²First Department of Medicine, Semmelweis University, Budapest, Hungary

Correspondence to Waqqas Afif, Department of Gastroenterology, McGill University, 1650 Cedar Ave, C7-200, Montreal, QC H3G 1A4, Canada.
Tel: +1-514-934-8309, Fax: +1-514-412-4392, E-mail: waqqas.afif@mcgill.ca

The abstract of this article was presented as a poster presentation at the 2018 Canadian Digestive Disease Week conference on February 9-12, 2018, in Toronto, Canada.
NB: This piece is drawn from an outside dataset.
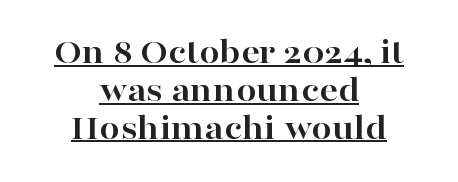
The image shows 36 px bold, wide serif type, upright; set centered, tight line spacing (1.05x), normal letter spacing, underlined; high stroke contrast and a medium x-height.
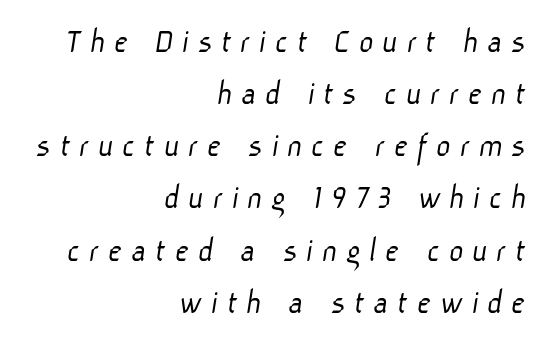
{"serif": "no", "bold": "no", "weight": "light", "width": "normal", "stroke_contrast": "low", "x_height": "medium", "monospaced": "no", "underline": "no", "align": "right", "line_spacing": "normal", "line_spacing_ratio": 1.49, "letter_spacing": "wide", "letter_spacing_em": 0.25, "glyph_px": 35}

Received September 9, 2019 Revised November 19, 2019 Accepted December 11, 2019

This is an Open Access article distributed under the terms of the Creative Commons Attribution Non-Commercial License (http://creativecommons.org/licenses/by-nc/4.0/) which permits unrestricted non-commercial use, distribution, and reproduction in any medium, provided the original work is properly cited.

Abstract

Background/Aims

Latent tuberculosis screening is mandatory prior to initiating anti-tumor necrosis factor (anti-TNF) medications. Guidelines recommend interferon-gamma release assays (IGRA) as first line screening method for the general population. Studies provided conflicting evidence on IGRA and tuberculin skin test (TST) performance in inflammatory bowel disease (IBD) patients. We assessed test concordance and the effects of immunosuppression on their performance in IBD patients.

Methods

We searched MEDLINE, Embase and Cochrane databases (2011-2018) for studies testing TST and IGRA in IBD. Primary outcome was TST and IGRA concordance. Secondary outcomes were effects of immunosuppressive therapy on performance. Immunosuppression defined as either steroids, thiopurine, methotrexate or cyclosporine use. We used the pooled random effects model to adjust for heterogeneity analyzed using (I²-Q statistics). We compared the fixed model to exclude smaller study effects.

Results

Sixteen studies (2,488 patients) were included. Pooled TST and IGRA concordance was 85% (95% confidence interval [CI], 81%-88%; P=0.01). Effects of immunosuppression were reported in 8 studies (814 patients). The odds ratio of testing positive by IGRA decreased to 0.57 if immunosuppressed (95% CI, 0.31-1.03; P=0.06). The odds ratio of testing positive by TST if immunosuppressed was 1.14 (95% CI, 0.61-2.12; P=0.69). The fixed model yielded similar results, however the negative effect of immunosuppression on IGRA reached statistical significance (P=0.01).

Conclusions

While concordance was 85% between TST and IGRA, the performance of IGRA seems to be negatively affected by immunosuppression. Given the importance of detecting latent tuberculosis prior to anti-TNF initiation, further randomized controlled trials comparing the performance of TST and IGRA in IBD patients are needed.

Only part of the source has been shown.